Era sábado por la noche, y tenían ganas de divertirse. Habían estado en un par de bares y después se fueron a la discoteca para bailar reguetón. Se atrevió a beber una copa en el primer bar, pero después, y como era él quien conducía el vehículo, se había limitado a tomar refrescos, porque sabía que la Guardia Civil tenía controles de alcoholemia en la salida del pueblo, y lo último que quería era que llegase a su casa una multa por conducir con más alcohol en sangre del permitido.

Aún era novato al volante y sentía cierto respeto al conducir, y aún más de noche, por esas estrechas carreteras regionales que salpicaban la comarca; por eso se decidió a ir por la N-232, dirección Oña, no sin antes haber bebido una gran cantidad de agua y masticar unos granos de café, además de realizar unas cuantas flexiones, con la intención de borrar cualquier vestigio de aquella primera copa y no dar positivo en el caso de que le hicieran soplar con el alcoholímetro.
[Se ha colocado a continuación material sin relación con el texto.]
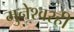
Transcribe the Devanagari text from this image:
मुनेश्वरही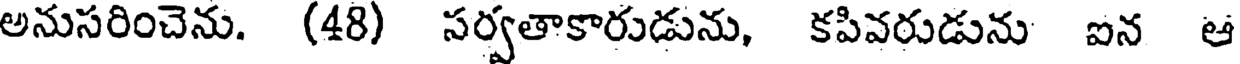
అనుసరించెను. (48) సర్వతాకారుడును, కపివరుడును ఐన ఆ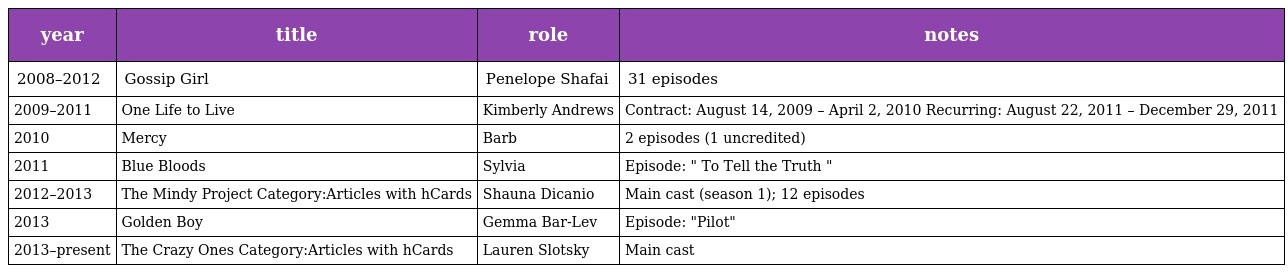
| year | title | role | notes |
 | --- | --- | --- | --- |
 | 2008–2012 | Gossip Girl | Penelope Shafai | 31 episodes |
 | 2009–2011 | One Life to Live | Kimberly Andrews | Contract: August 14, 2009 – April 2, 2010 Recurring: August 22, 2011 – December 29, 2011 |
 | 2010 | Mercy | Barb | 2 episodes (1 uncredited) |
 | 2011 | Blue Bloods | Sylvia | Episode: " To Tell the Truth " |
 | 2012–2013 | The Mindy Project Category:Articles with hCards | Shauna Dicanio | Main cast (season 1); 12 episodes |
 | 2013 | Golden Boy | Gemma Bar-Lev | Episode: "Pilot" |
 | 2013–present | The Crazy Ones Category:Articles with hCards | Lauren Slotsky | Main cast |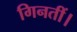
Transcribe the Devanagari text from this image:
गिनतीं।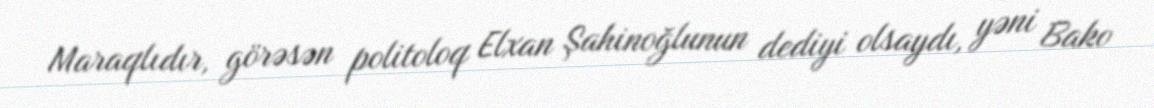
Maraqlıdır, görəsən politoloq Elxan Şahinoğlunun dediyi olsaydı, yəni Bako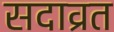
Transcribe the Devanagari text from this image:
सदाव्रत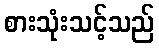
စားသုံးသင့်သည်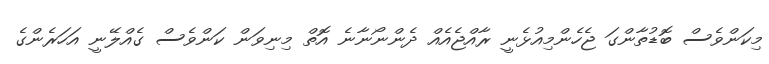
މިކަންވެސް ބޮޑުތާންގަ ޖެހެންމިއުޅެނީ ރާއްޖެއެއް ދެންނޯނާނެ އޮތް މިނިވަން ކަންވެސް ގެއްލޭނީ އަހަރެންގެ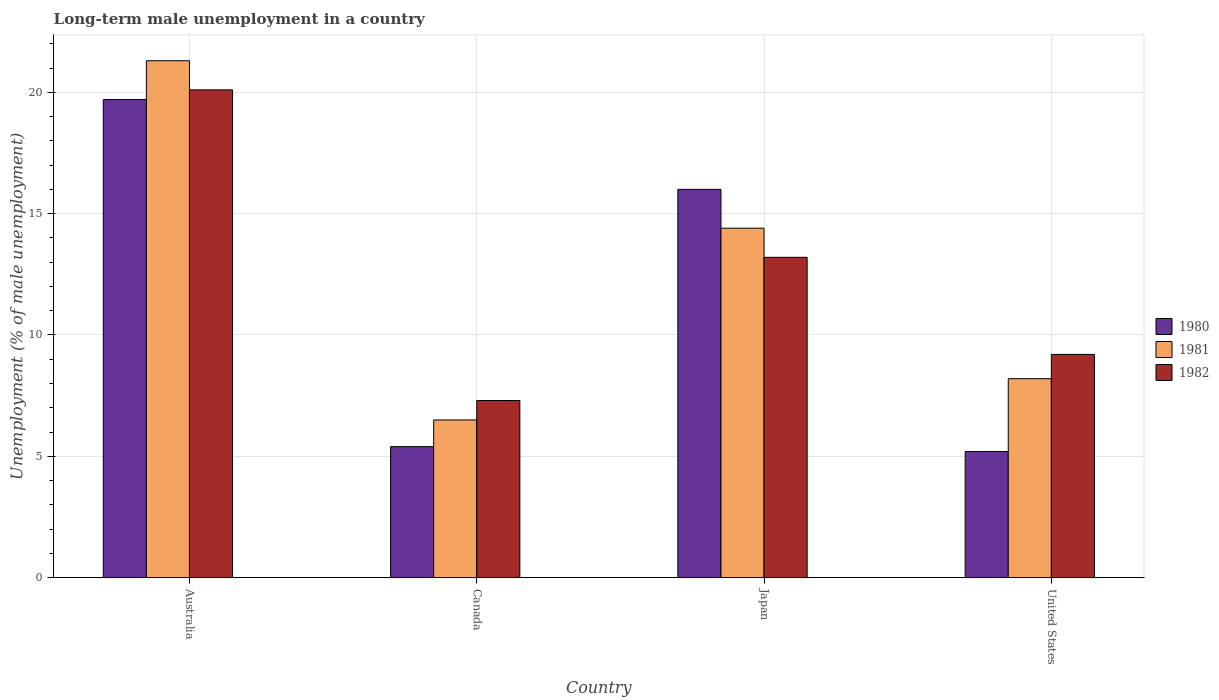
| Country | 1980 | 1981 | 1982 |
 | --- | --- | --- | --- |
 | Australia | 19.7 | 21.3 | 20.1 |
 | Canada | 5.4 | 6.5 | 7.3 |
 | Japan | 16 | 14.4 | 13.2 |
 | United States | 5.2 | 8.2 | 9.2 |

Al llegar a Cornudilla, miró de soslayo el reloj, las cuatro y veinte de la madrugada, aminoró la marcha y tomó la desviación a la izquierda para coger la carretera de Poza de la Sal. Al comprobar que no se veían las luces de ningún coche, se incorporó a la vía comarcal lentamente. Después de pasar el puente sobre el río Oca, sintió ganas de orinar; la necesidad no era demasiado urgente, así que decidió parar un poco más adelante en alguna de las entradas al pinar.

—Parada para mear en plena naturaleza contra un árbol y oliendo a pino natural, no al químico del limpiador del baño —dijo elevando el tono de voz sobre la música de la banda Direction que sonaba a todo volumen.
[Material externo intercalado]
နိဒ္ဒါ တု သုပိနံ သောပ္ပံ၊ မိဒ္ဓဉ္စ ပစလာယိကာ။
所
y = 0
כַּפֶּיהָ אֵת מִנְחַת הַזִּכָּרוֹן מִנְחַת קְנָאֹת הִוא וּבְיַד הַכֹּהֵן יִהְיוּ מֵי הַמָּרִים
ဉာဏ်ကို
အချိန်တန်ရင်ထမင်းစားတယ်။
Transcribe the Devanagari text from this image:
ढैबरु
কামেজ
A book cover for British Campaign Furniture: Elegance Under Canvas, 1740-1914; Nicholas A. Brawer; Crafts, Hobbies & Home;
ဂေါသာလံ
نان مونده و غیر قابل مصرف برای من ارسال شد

El acceso estaba cerca, y nada más girar al tomar la senda situada a la derecha, vio un bulto que parecía la figura de una mujer con un vestido blanco, inmóvil, con los brazos caídos a lo largo de su cuerpo y una larga melena enmarañada que le caía por la espalda hasta casi debajo de las nalgas.
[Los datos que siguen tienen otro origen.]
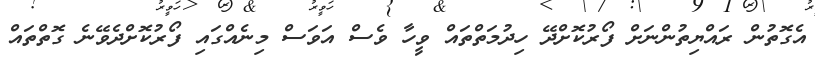
އެގޮތުން ރައްޔިތުންނަށް ފޯރުކޮށްދޭ ހިދުމަތްތައް ވީހާ ވެސް އަވަސް މިނެއްގައި ފޯރުކޮށްދެވޭނެ ގޮތްތައް

Sergio frenó en seco, y el morro del automóvil se quedó a unos milímetros de esa persona. Un escalofrió recorrió su cuerpo.

—¡Hostia! —dejó escapar Adrián, que se había espabilado rápidamente—, parece «la chica de la curva» —señaló refiriéndose a la célebre leyenda urbana que relata la historia del espíritu de una mujer que vaga por una carretera esperando que un conductor la recoja; cuando lo hace, la mujer se sube en el asiento trasero del coche y advierte de un peligro inminente en el camino. Poco después, se esfuma sin dejar rastro.

Los tres chicos se precipitaron fuera del coche, y en cuanto los vio, la chica se tiró bruscamente al suelo y se hizo un ovillo. Las luces del auto iluminaban su figura con el pelo revuelto y los brazos cubiertos de sangre. Un sonido gutural, semejante a un aullido, salió de su garganta para convertirse poco a poco en un lamento. Sergio se sobresaltó y sintió cómo se le escapaba un poco de orina; imploró para que la oscuridad de la noche cubriese el bochornoso suceso que le acababa de suceder.

—¡Joder! —gritó Pablo—. ¿La has atropellado?

—Te juro que no la he rozado —se defendió Sergio—. Parece una loca que acaba de escaparse de un manicomio.

Adrián corrió al maletero del coche y sacó una manta con la que cubrió el cuerpo de la mujer, que aún permanecía tendida en el suelo. Al echar la cobija sobre la chica, esta levantó levemente la cara y se quedó observándolo fijamente con una mirada penetrante; él sintió un escalofrió al percatarse de que esos ojos: aunque se movían, parecían muertos.

—Hay que llamar a emergencias —gritó, y sin esperar la respuesta de sus compañeros, marcó inmediatamente el número y pidió una ambulancia.

—Diles también que venga la policía —vociferó Pablo.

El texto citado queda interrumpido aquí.